È la condivisione il principio su cui si fonda la filosofia di Langosteria Cucina, la catena di ristoranti nata dall’idea di Enrico Buonocore che il 9 dicembre si è arricchita di una nuova sede in via Savona 10, a pochi passi dai Navigli.
Ogni sera ai clienti viene proposto un percorso gastronomico unico, che possono scegliere tramite la carta del ristorante firmata dallo storico Chef del Gruppo Denis Pedron, in collaborazione con il Corporate Executive Chef Domenico Soranno. L’esperienza gastronomica viene completata e valorizzata da una selezione di vini curata da Valentina Bertini, Corporate Wine Manager del Gruppo.
Classe 1980, originario della provincia di Treviso, lo Chef Pedron si appassiona fin da bambino alla cucina grazie alla nonna materna. Nel 2010 avviene l’incontro a Milano con Buonocore, da cui inizia il suo percorso nel Gruppo Langosteria e che a proposito della nuova apertura afferma: «Langosteria Cucina sarà occasione per il Gruppo di proseguire nella sua continua evoluzione, avendo la possibilità di sperimentare nuovi prodotti e tecniche, restando fedeli alla filosofia gastronomica che ha permesso a tantissime persone di affezionarsi al nostro brand».

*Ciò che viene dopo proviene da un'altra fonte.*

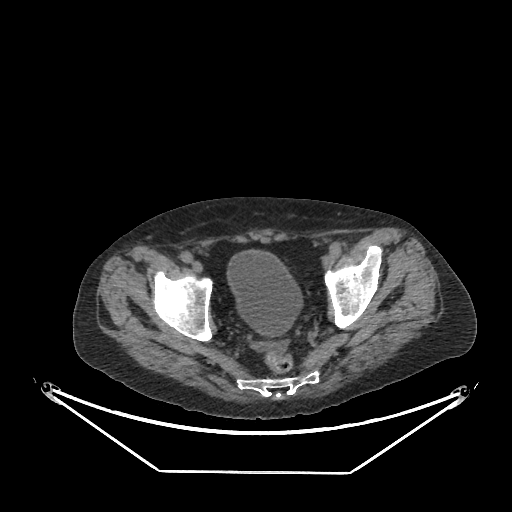
512x512 px; CT image
urinary bladder: {"x1": 226, "y1": 249, "x2": 303, "y2": 338}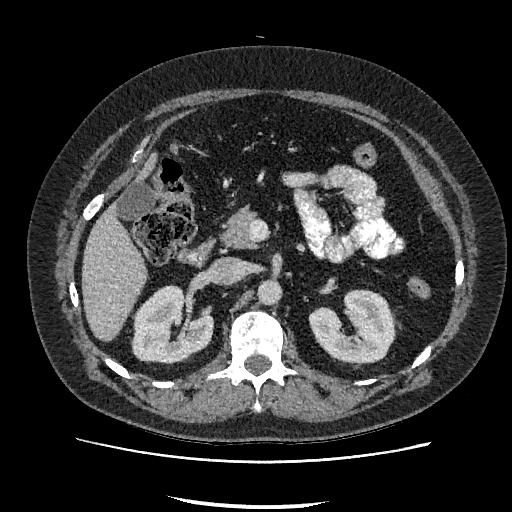 512x512 px; CT image

Kidney at 310, 291, 393, 361; 133, 287, 212, 361.
Liver at 137, 154, 156, 180; 82, 204, 146, 339.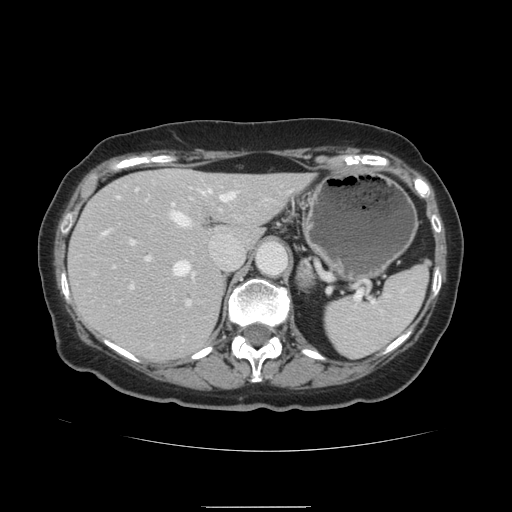
CT
The vessel boxes may cover only some of the vessels.
<segmentation>
  <hepatic_vessel>172:261:193:276, 168:211:188:225, 145:257:149:260, 220:192:234:201, 199:187:210:194, 130:241:133:244, 186:300:190:304, 130:284:132:287, 101:231:109:236</hepatic_vessel>
</segmentation>
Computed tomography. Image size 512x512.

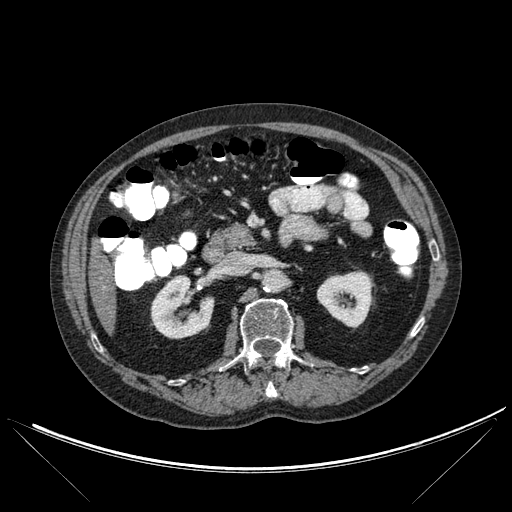
{
  "liver": [
    "[x1=89, y1=238, x2=118, y2=335]"
  ],
  "bone": [
    "[x1=411, y1=319, x2=423, y2=336]",
    "[x1=266, y1=382, x2=276, y2=396]",
    "[x1=229, y1=299, x2=293, y2=366]",
    "[x1=352, y1=367, x2=365, y2=373]"
  ],
  "kidney": [
    "[x1=151, y1=276, x2=213, y2=338]",
    "[x1=317, y1=272, x2=371, y2=326]"
  ]
}

La cura dello spazio è un altro elemento essenziale del locale, in cui il cliente può assistere a un connubio perfetto tra cucina e design. Ideati da Dimorestudio, gli interni appaiono intimi e riservati, domestici e al contempo sofisticati. Un ambiente che ricorda lo stile degli anni Settanta, arricchito da contaminazioni giapponesi, come il volume centrale rivestito in foglia d’argento che copre la cucina, profilato da bacchette di legno verniciate di nero, a richiamare delle canne di bambù. Anche l’illuminazione viene curata nei minimi dettagli: al centro della sala si trova il bar, che ha come protagonista una lampada vintage lunga circa tre metri in vetro e ottone con frangia perimetrale che sovrasta il bancone in marmo verde. Intimità e ricercatezza. È su questa dicotomia che il ristorante ha pensato all’immagine del locale, dove ogni spazio diventa un’espressione artistica che arricchisce l’esperienza culinaria. Perfino i muri, su cui si trovano le applique vintage Galleria di Ignazio Gardella. Al Ristorante Langosteria si incontra quindi un’atmosfera accogliente e ovattata, grazie anche alla scelta di una palette cromatica calda, come il beige e il corda chiaro.

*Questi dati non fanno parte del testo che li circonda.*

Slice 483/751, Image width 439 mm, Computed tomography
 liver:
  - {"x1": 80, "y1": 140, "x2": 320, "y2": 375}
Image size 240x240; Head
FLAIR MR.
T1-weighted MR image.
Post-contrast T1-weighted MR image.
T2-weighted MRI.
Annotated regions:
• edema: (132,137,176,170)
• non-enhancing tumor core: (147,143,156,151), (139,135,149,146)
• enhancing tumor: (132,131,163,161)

Dopo le aperture delle versioni Bistrot e Cafè, nel 2021 ha aperto a Parigi il primo ristorante internazionale della catena, con la stessa matrice gastronomica, ma ognuno con una propria identità.
“Sensazioni, ricordi, gioie ed emozioni: questo è quello che voglio trasmettere con la mia cucina!” sostiene lo Chef Pedron a proposito della sua passione, che come il ristorante, si basa sulla ricerca dell’eccellenza e attenzione al dettaglio, rivisitando in un una forma internazionale il concetto di italianità.